Construcciones y Auxiliar de Ferrocarriles (CAF) trialed its Acumulador de Carga Rápida (ACR) system in 2007 in Seville. The system is capable of charging from strips on the ground or from overhead wires. Sections of the Seville MetroCentro tramway around the Seville Cathedral were converted to the ACR ground-level power supply system. ACR's first commercial installation was aboard Urbos trams supplied to MetroCentro in 2011, allowing the permanent removal of overhead lines around the cathedral.

Line 1 of the Tranvía de Zaragoza has also used ACR since its second construction phase was completed in 2013. The use of ACR avoided the installation of overhead lines in the city's historic centre.

ACR was included in the Newcastle Light Rail in Australia and Luxembourg's new tram system.

===Ansaldo Tramwave===
Derived from Ansaldo Stream and developed by Italian company Ansaldo STS (which later became Hitachi Rail STS), the Ansaldo TramWave ground-level power supply system successfully entered commercial application in 2017, with the opening of Zhuhai tram Line 1 first phase in China.
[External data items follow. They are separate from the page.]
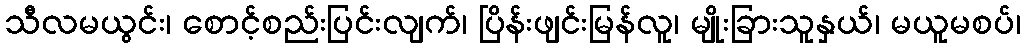
သီလမယွင်း၊ စောင့်စည်းပြင်းလျက်၊ ပြိန်းဖျင်းမြန်လူ၊ မျိုးခြားသူနှယ်၊ မယူမစပ်၊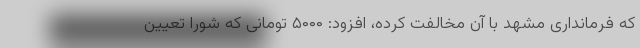
که فرمانداری مشهد با آن مخالفت کرده، افزود: ۵۰۰۰ تومانی که شورا تعیین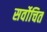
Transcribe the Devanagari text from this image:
सर्वोचित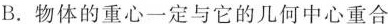
B.物体的重心一定与它的几何中心重合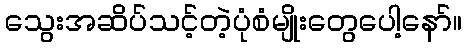
သွေးအဆိပ်သင့်တဲ့ပုံစံမျိုးတွေပေါ့နော်။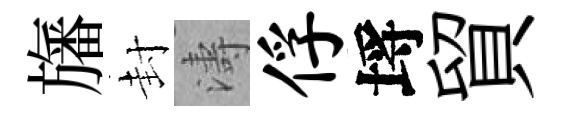
旛封濤俘埓貿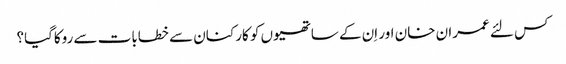
کس لئے عمران خان اور اِن کے ساتھیوں کو کارکنان سے خطابات سے روکاگیا؟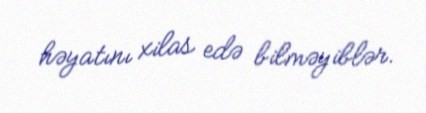
həyatını xilas edə bilməyiblər.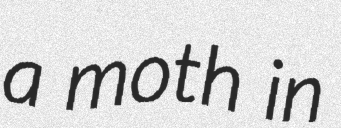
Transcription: a moth in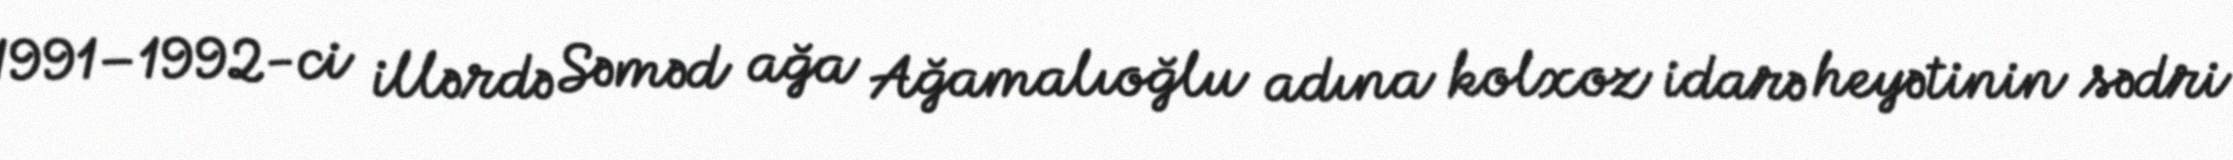
1991–1992-ci illərdə Səməd ağa Ağamalıoğlu adına kolxoz idarə heyətinin sədri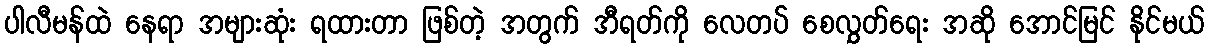
ပါလီမန်ထဲ နေရာ အများဆုံး ရထားတာ ဖြစ်တဲ့ အတွက် အီရတ်ကို လေတပ် စေလွှတ်ရေး အဆို အောင်မြင် နိုင်မယ်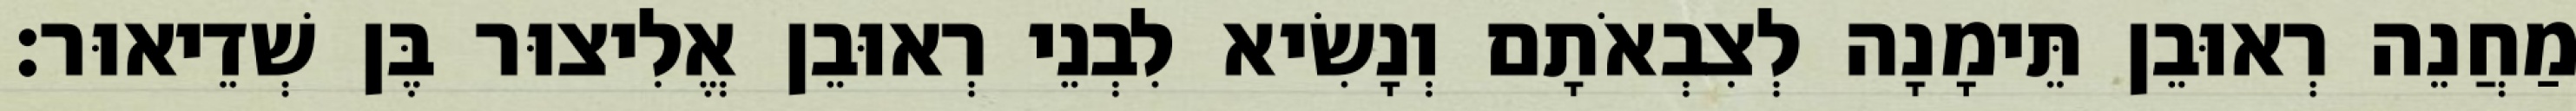
מַחֲנֵה רְאוּבֵן תֵּימָנָה לְצִבְאֹתָם וְנָשִׂיא לִבְנֵי רְאוּבֵן אֱלִיצוּר בֶּן שְׁדֵיאוּר׃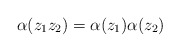
\begin{align*} \alpha(z_1z_2) = \alpha(z_1) \alpha(z_2)\end{align*}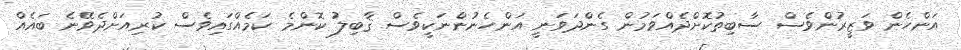
އަންހެން ވަޒީރުންވެސް ސާބިތުކޮށްދެއްވަމުން ގެންދަވަނީ އަންހެނުންނަކީވެސް ޤާބިލު ކޮންމެ ކަމެއްގައިވެސް ކުރިއަށްދެވޭނެ ބައެއް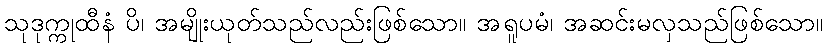
သုဒုက္ကုထီနံ ပိ၊ အမျိုးယုတ်သည်လည်းဖြစ်သော။ အရူပမံ၊ အဆင်းမလှသည်ဖြစ်သော။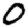
Digit: 0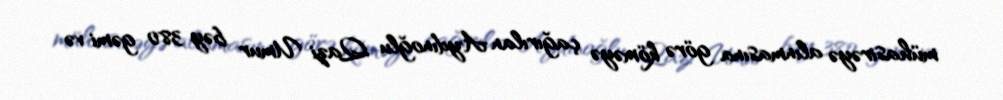
mühasirəyə alınmasına görə köməyə çağırılan Aydınoğlu Qazi Umur bəy 380 gəmi və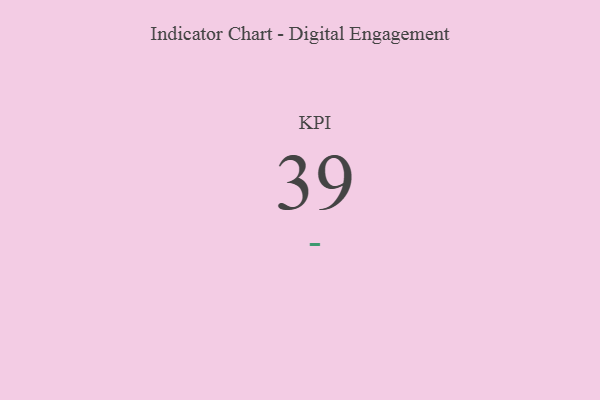
{"axis": {"x": "KPI", "y": "Value"}, "legend": [""], "data": [{"x": "KPI", "y": 39, "type": ""}]}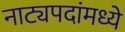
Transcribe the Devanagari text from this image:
नाट्यपदांमध्ये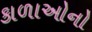
કાળાઓનો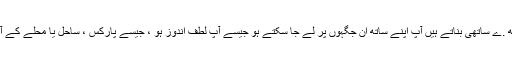
کتے اچھ .ے ساتھی بناتے ہیں آپ اپنے ساتھ ان جگہوں پر لے جا سکتے ہو جیسے آپ لطف اندوز ہو ، جیسے پارکس ، ساحل یا محلے کے آس پاس۔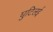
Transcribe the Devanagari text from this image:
घुटिलई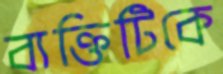
ব্যক্তিটিকে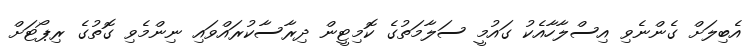
އެބިލަށް ގެންނެވި އިސްލާހާއެކު ގައުމީ ސަލާމަތުގެ ކޮމިޓީން ދިރާސާކުރައްވައި ނިންމެވި ގޮތުގެ ރިޕޯޓަށް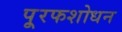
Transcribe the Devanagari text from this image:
पू्रफशोधन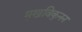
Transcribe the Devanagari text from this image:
मुखविकुनन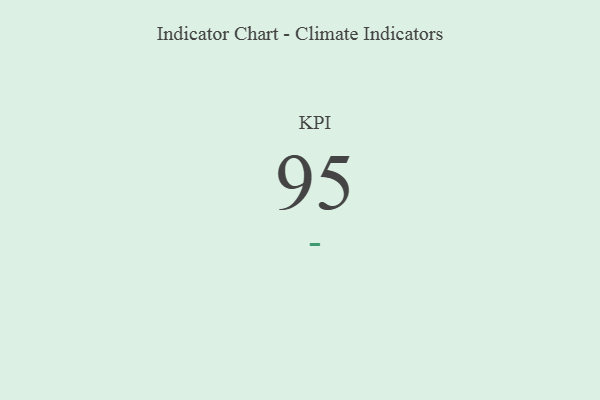
{"axis": {"x": "KPI", "y": "Value"}, "legend": [""], "data": [{"x": "KPI", "y": 95, "type": ""}]}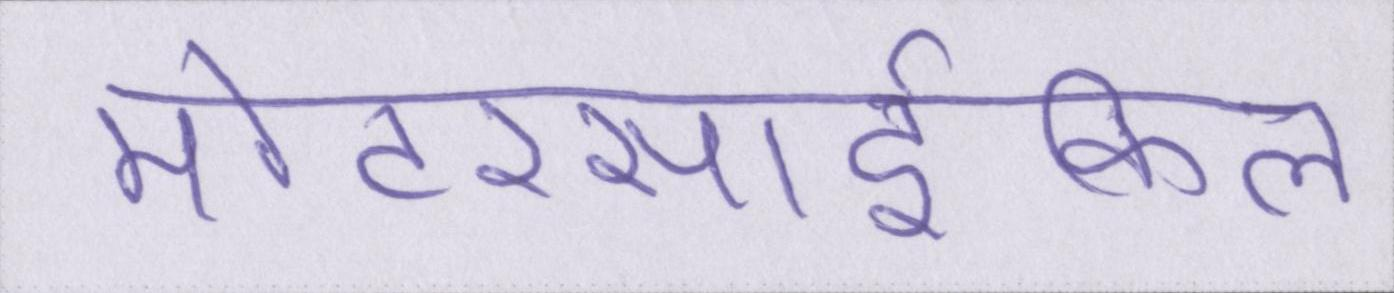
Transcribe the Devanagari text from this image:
मोटरसार्इकिल

The tram is the first fully low-floor tram system adopting ground level power supply technology. Later in 2017, Western Suburb Line in Beijing was opened with the same technology from Ansaldo. The technology has been licensed to CRRC Dalian and all the technologies were transferred to China.
In 2019, Zhuhai City evaluated whether to dismantle the tram line, after 3 years of operation. As of 2024, CRRC Dalian opposes dismantling, proposing to restart operation.